◆ **Task**
Having located "Patient: sex F, age 63" in the records below, repeat exactly the line it is on and all subsequent lines, ending with the last.

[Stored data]
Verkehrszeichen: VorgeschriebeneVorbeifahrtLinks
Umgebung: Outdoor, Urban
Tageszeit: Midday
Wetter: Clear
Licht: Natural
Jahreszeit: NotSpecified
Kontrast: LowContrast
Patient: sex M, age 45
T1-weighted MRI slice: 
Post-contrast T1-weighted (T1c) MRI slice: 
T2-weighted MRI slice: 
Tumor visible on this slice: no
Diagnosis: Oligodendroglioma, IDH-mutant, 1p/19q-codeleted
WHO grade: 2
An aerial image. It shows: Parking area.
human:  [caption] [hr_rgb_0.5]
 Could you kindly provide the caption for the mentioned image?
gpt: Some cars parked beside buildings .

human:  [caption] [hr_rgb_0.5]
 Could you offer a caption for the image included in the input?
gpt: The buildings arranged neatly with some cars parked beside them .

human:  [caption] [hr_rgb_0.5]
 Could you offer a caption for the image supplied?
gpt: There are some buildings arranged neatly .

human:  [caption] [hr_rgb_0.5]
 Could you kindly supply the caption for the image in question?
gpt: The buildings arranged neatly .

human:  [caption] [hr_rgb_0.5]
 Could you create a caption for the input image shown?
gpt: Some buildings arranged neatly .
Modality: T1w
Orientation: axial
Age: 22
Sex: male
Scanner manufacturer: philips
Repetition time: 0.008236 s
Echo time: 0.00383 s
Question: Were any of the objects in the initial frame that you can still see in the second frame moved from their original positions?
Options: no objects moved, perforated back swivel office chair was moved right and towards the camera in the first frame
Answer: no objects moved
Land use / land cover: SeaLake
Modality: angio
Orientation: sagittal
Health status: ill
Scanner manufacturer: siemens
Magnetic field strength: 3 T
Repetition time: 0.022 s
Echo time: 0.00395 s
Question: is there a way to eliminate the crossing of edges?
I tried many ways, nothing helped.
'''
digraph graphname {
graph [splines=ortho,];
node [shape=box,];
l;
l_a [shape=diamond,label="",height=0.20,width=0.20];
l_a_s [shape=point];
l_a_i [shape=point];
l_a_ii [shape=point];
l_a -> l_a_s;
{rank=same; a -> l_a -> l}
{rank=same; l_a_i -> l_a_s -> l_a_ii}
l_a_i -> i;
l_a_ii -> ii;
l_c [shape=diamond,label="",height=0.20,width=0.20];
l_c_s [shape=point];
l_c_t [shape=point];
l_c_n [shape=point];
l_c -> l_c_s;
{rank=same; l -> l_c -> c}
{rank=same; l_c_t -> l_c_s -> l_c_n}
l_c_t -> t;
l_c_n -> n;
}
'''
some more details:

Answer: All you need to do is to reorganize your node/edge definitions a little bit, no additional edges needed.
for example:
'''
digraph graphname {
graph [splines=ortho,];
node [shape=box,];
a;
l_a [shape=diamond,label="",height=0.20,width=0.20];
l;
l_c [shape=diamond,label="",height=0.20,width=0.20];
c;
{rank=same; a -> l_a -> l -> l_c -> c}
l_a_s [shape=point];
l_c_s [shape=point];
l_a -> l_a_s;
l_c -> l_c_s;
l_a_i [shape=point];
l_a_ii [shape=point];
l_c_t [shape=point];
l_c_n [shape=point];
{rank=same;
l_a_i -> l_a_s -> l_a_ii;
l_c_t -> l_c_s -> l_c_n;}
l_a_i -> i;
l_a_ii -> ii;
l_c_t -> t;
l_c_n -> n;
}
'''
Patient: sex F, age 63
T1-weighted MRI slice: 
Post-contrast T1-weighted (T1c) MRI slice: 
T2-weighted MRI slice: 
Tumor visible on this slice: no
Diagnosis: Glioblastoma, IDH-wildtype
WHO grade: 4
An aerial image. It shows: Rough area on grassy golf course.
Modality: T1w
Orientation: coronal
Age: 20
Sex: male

◆ **Answer**
Patient: sex F, age 63
T1-weighted MRI slice: 
Post-contrast T1-weighted (T1c) MRI slice: 
T2-weighted MRI slice: 
Tumor visible on this slice: no
Diagnosis: Glioblastoma, IDH-wildtype
WHO grade: 4
An aerial image. It shows: Rough area on grassy golf course.
Modality: T1w
Orientation: coronal
Age: 20
Sex: male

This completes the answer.